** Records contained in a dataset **
-- Opening Marker --

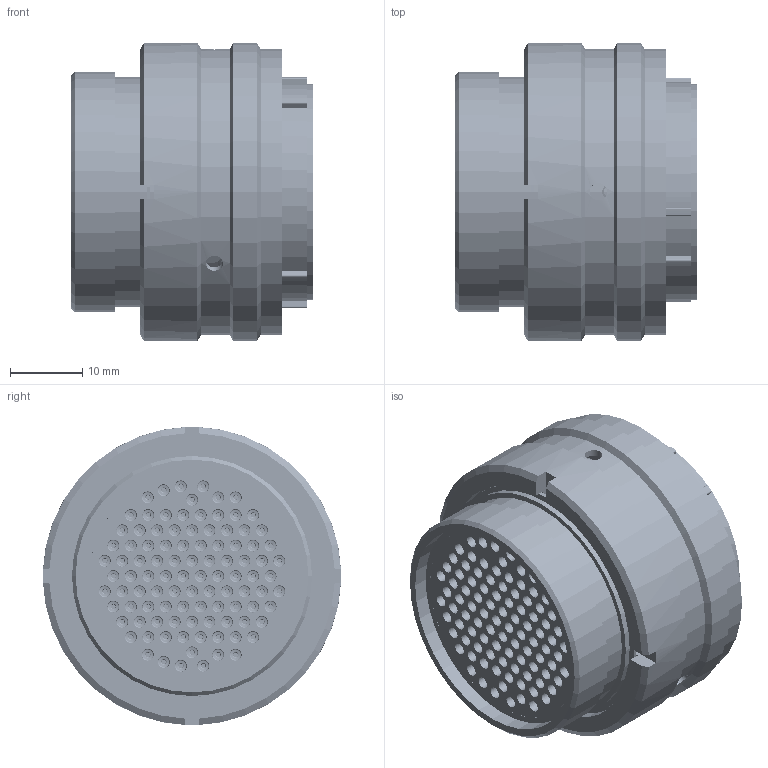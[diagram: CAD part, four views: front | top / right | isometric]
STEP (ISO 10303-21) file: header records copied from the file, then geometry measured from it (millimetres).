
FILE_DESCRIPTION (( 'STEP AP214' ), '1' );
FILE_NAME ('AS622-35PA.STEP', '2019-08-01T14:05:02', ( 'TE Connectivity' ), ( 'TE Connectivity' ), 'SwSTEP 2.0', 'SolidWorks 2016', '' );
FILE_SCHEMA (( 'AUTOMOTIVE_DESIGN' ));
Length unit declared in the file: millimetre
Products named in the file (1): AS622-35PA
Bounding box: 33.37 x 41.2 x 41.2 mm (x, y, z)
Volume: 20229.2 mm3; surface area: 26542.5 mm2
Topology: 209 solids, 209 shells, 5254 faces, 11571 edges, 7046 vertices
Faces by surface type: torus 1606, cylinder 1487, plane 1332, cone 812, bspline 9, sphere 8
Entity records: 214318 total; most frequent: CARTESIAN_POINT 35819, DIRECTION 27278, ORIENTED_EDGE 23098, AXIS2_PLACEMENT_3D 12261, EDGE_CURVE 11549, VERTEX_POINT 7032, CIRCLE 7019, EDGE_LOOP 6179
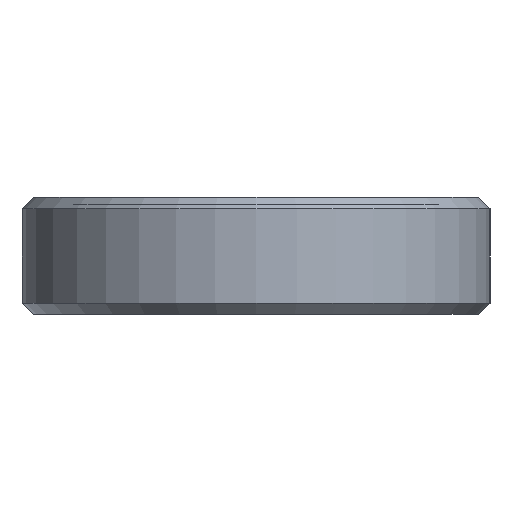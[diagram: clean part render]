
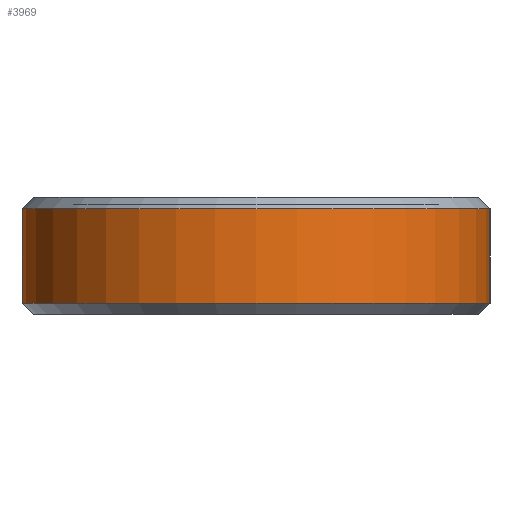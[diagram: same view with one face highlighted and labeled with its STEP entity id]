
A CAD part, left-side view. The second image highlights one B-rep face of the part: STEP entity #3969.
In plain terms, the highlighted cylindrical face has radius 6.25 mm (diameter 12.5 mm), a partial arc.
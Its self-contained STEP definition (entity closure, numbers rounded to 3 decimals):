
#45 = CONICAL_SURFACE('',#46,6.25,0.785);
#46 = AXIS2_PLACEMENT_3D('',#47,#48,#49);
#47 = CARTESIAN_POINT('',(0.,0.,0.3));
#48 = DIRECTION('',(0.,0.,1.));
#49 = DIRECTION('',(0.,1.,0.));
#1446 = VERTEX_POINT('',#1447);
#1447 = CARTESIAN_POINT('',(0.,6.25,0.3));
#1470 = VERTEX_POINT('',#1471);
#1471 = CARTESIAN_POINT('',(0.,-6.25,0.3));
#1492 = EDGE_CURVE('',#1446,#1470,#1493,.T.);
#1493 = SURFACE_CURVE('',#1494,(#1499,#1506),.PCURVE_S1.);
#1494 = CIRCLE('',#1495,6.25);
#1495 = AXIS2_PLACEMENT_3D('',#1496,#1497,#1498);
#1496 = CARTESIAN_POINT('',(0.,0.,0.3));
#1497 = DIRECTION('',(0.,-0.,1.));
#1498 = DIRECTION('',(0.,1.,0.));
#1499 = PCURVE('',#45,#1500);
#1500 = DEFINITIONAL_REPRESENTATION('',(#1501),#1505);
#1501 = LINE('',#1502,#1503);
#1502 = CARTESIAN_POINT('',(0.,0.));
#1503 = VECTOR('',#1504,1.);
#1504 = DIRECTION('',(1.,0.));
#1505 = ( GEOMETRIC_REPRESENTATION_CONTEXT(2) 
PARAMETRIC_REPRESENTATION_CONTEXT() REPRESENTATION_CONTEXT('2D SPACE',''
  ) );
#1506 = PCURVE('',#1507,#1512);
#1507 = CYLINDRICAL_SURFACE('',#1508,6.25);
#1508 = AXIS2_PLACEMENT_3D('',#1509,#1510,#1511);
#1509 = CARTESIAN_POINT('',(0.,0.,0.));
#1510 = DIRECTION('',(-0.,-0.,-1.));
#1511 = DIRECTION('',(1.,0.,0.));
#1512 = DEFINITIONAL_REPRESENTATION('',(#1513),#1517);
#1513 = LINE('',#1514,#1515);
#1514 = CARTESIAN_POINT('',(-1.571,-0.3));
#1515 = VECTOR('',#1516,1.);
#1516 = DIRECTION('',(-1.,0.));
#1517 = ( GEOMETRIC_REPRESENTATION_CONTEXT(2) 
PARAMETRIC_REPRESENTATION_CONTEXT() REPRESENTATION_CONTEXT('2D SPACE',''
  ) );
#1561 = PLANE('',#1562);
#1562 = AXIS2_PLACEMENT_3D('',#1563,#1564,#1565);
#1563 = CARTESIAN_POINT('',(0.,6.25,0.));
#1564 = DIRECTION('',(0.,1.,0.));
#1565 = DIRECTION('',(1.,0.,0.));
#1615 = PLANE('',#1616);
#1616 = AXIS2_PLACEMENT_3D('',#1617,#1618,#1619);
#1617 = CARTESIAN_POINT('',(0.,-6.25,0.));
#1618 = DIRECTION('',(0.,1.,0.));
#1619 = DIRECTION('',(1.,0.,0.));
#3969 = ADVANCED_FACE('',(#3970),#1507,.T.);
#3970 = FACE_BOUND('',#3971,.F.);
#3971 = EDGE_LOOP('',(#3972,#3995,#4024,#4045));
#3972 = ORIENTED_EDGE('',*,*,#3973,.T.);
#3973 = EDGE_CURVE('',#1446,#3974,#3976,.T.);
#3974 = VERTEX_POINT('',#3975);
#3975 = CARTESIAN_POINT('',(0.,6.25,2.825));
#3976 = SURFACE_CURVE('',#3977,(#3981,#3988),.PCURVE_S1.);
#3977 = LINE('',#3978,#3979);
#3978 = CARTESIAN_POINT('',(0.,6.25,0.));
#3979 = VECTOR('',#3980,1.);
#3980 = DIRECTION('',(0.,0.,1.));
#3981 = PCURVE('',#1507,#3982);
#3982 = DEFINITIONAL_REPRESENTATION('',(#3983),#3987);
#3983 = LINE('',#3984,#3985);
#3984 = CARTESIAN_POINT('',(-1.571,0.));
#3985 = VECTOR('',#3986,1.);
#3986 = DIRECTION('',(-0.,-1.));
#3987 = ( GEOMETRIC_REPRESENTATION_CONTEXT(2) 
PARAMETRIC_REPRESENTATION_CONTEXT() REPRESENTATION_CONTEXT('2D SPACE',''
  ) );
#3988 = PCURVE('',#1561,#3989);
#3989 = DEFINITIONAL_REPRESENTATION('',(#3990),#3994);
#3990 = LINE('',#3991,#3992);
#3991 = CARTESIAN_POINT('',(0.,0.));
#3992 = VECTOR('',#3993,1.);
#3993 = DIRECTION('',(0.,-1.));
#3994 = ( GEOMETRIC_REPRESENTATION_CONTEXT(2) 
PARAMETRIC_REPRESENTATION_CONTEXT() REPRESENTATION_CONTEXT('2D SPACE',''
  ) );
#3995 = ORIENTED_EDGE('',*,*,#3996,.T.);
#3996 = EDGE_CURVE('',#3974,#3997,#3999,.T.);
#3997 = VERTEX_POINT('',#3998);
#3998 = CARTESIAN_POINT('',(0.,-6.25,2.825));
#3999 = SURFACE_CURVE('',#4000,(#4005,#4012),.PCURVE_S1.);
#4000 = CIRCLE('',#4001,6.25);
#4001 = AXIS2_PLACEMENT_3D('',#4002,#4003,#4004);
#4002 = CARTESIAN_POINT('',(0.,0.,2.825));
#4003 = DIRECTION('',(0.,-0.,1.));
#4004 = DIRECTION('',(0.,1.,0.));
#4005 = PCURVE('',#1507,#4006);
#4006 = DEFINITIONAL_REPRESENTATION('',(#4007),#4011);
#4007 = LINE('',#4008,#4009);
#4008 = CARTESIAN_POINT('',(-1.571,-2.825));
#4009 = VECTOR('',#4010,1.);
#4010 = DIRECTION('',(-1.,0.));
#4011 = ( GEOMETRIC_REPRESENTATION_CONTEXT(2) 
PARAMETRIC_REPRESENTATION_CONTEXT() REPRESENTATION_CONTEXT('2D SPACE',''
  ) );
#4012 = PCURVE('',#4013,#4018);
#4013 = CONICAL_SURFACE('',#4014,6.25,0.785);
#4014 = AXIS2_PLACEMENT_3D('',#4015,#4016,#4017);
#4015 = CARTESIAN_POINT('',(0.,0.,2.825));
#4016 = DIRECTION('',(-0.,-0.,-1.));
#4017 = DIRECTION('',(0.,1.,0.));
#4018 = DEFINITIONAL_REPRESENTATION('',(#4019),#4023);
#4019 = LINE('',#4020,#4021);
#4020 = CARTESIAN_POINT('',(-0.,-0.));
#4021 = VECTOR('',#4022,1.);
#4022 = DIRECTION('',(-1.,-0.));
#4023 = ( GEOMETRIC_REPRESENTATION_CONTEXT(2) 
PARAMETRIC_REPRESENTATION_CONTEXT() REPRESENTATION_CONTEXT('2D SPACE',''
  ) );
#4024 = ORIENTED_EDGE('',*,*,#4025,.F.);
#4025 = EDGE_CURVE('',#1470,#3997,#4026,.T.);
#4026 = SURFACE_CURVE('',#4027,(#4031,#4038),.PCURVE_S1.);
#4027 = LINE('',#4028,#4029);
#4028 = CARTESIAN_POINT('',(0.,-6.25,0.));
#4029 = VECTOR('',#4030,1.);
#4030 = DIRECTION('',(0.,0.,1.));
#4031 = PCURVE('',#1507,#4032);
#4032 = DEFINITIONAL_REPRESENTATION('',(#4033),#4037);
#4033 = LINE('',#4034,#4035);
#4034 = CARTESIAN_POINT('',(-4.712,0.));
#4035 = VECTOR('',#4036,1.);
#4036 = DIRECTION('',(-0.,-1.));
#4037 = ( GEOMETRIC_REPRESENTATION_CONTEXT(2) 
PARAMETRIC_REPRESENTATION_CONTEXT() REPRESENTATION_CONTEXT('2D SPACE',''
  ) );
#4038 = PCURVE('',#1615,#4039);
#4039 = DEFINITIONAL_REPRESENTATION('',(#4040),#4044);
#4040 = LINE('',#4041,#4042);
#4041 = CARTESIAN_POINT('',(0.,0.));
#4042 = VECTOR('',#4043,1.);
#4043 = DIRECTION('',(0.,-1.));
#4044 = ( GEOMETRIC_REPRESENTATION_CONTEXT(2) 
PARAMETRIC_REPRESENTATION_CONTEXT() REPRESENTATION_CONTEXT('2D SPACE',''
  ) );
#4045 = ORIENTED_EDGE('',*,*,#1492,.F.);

-- Closing Marker --

Only lines belong in the copy: transcribe those from the start of the data through the line that contains "FILE_DESCRIPTION (( 'STEP AP214' ), '1' );", and skip the pictures.

[diagram: CAD part, four views: front | top / right | isometric]
STEP (ISO 10303-21) file: header records copied from the file, then geometry measured from it (millimetres).
FILE_DESCRIPTION (( 'STEP AP214' ), '1' );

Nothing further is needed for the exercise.